(Data extracted from a collection)
______________________________

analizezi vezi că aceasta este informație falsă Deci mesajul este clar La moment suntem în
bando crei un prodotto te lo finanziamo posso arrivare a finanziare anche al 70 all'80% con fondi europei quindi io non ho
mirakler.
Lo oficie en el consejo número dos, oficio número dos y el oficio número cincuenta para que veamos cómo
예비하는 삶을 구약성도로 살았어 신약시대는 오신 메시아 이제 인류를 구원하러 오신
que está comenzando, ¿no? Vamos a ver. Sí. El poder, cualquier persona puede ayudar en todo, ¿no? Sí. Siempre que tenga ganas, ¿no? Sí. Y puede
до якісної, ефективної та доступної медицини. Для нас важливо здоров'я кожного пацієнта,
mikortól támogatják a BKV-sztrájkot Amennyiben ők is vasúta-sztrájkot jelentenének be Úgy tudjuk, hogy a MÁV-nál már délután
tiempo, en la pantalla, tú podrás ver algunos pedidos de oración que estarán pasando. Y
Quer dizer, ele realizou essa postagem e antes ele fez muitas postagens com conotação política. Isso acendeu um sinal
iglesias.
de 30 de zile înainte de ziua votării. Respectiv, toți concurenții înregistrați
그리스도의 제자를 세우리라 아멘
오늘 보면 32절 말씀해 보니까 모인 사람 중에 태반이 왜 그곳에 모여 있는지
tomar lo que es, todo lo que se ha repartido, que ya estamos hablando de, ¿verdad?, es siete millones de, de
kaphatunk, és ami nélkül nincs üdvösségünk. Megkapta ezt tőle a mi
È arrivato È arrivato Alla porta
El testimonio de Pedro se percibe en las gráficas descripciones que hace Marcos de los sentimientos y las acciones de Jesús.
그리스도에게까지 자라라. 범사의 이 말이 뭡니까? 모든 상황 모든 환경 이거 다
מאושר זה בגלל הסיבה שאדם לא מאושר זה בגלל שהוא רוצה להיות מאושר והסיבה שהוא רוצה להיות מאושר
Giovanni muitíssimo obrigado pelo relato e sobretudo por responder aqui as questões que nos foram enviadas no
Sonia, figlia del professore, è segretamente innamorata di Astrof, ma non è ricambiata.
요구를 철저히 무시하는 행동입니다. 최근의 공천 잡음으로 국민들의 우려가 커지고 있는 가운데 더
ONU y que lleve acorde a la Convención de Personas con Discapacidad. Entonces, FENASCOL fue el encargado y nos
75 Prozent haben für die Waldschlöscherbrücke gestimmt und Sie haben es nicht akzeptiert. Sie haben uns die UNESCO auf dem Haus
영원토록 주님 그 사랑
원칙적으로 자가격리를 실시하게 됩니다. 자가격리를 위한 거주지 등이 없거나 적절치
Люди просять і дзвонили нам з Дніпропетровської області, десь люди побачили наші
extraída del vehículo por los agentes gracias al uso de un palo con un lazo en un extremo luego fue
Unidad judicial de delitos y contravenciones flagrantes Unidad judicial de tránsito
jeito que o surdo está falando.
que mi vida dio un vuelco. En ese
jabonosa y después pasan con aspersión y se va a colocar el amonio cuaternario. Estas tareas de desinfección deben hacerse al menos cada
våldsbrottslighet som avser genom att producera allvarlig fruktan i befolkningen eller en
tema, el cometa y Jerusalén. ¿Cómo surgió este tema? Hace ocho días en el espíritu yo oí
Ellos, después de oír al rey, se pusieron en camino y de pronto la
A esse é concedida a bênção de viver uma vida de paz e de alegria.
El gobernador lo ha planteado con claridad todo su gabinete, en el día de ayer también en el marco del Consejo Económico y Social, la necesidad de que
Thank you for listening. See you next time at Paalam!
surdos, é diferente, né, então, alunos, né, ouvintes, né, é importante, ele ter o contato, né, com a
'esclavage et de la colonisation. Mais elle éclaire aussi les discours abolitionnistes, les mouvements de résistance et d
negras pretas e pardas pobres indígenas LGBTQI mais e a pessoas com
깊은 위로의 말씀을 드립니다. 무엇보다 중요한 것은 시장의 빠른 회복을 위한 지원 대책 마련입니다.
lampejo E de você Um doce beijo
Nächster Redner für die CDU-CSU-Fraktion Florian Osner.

______________________________

◆ What you need to do:
Go through the data above and repeat all of it exactly.

◆ Problem solution:
analizezi vezi că aceasta este informație falsă Deci mesajul este clar La moment suntem în
bando crei un prodotto te lo finanziamo posso arrivare a finanziare anche al 70 all'80% con fondi europei quindi io non ho
mirakler.
Lo oficie en el consejo número dos, oficio número dos y el oficio número cincuenta para que veamos cómo
예비하는 삶을 구약성도로 살았어 신약시대는 오신 메시아 이제 인류를 구원하러 오신
que está comenzando, ¿no? Vamos a ver. Sí. El poder, cualquier persona puede ayudar en todo, ¿no? Sí. Siempre que tenga ganas, ¿no? Sí. Y puede
до якісної, ефективної та доступної медицини. Для нас важливо здоров'я кожного пацієнта,
mikortól támogatják a BKV-sztrájkot Amennyiben ők is vasúta-sztrájkot jelentenének be Úgy tudjuk, hogy a MÁV-nál már délután
tiempo, en la pantalla, tú podrás ver algunos pedidos de oración que estarán pasando. Y
Quer dizer, ele realizou essa postagem e antes ele fez muitas postagens com conotação política. Isso acendeu um sinal
iglesias.
de 30 de zile înainte de ziua votării. Respectiv, toți concurenții înregistrați
그리스도의 제자를 세우리라 아멘
오늘 보면 32절 말씀해 보니까 모인 사람 중에 태반이 왜 그곳에 모여 있는지
tomar lo que es, todo lo que se ha repartido, que ya estamos hablando de, ¿verdad?, es siete millones de, de
kaphatunk, és ami nélkül nincs üdvösségünk. Megkapta ezt tőle a mi
È arrivato È arrivato Alla porta
El testimonio de Pedro se percibe en las gráficas descripciones que hace Marcos de los sentimientos y las acciones de Jesús.
그리스도에게까지 자라라. 범사의 이 말이 뭡니까? 모든 상황 모든 환경 이거 다
מאושר זה בגלל הסיבה שאדם לא מאושר זה בגלל שהוא רוצה להיות מאושר והסיבה שהוא רוצה להיות מאושר
Giovanni muitíssimo obrigado pelo relato e sobretudo por responder aqui as questões que nos foram enviadas no
Sonia, figlia del professore, è segretamente innamorata di Astrof, ma non è ricambiata.
요구를 철저히 무시하는 행동입니다. 최근의 공천 잡음으로 국민들의 우려가 커지고 있는 가운데 더
ONU y que lleve acorde a la Convención de Personas con Discapacidad. Entonces, FENASCOL fue el encargado y nos
75 Prozent haben für die Waldschlöscherbrücke gestimmt und Sie haben es nicht akzeptiert. Sie haben uns die UNESCO auf dem Haus
영원토록 주님 그 사랑
원칙적으로 자가격리를 실시하게 됩니다. 자가격리를 위한 거주지 등이 없거나 적절치
Люди просять і дзвонили нам з Дніпропетровської області, десь люди побачили наші
extraída del vehículo por los agentes gracias al uso de un palo con un lazo en un extremo luego fue
Unidad judicial de delitos y contravenciones flagrantes Unidad judicial de tránsito
jeito que o surdo está falando.
que mi vida dio un vuelco. En ese
jabonosa y después pasan con aspersión y se va a colocar el amonio cuaternario. Estas tareas de desinfección deben hacerse al menos cada
våldsbrottslighet som avser genom att producera allvarlig fruktan i befolkningen eller en
tema, el cometa y Jerusalén. ¿Cómo surgió este tema? Hace ocho días en el espíritu yo oí
Ellos, después de oír al rey, se pusieron en camino y de pronto la
A esse é concedida a bênção de viver uma vida de paz e de alegria.
El gobernador lo ha planteado con claridad todo su gabinete, en el día de ayer también en el marco del Consejo Económico y Social, la necesidad de que
Thank you for listening. See you next time at Paalam!
surdos, é diferente, né, então, alunos, né, ouvintes, né, é importante, ele ter o contato, né, com a
'esclavage et de la colonisation. Mais elle éclaire aussi les discours abolitionnistes, les mouvements de résistance et d
negras pretas e pardas pobres indígenas LGBTQI mais e a pessoas com
깊은 위로의 말씀을 드립니다. 무엇보다 중요한 것은 시장의 빠른 회복을 위한 지원 대책 마련입니다.
lampejo E de você Um doce beijo
Nächster Redner für die CDU-CSU-Fraktion Florian Osner.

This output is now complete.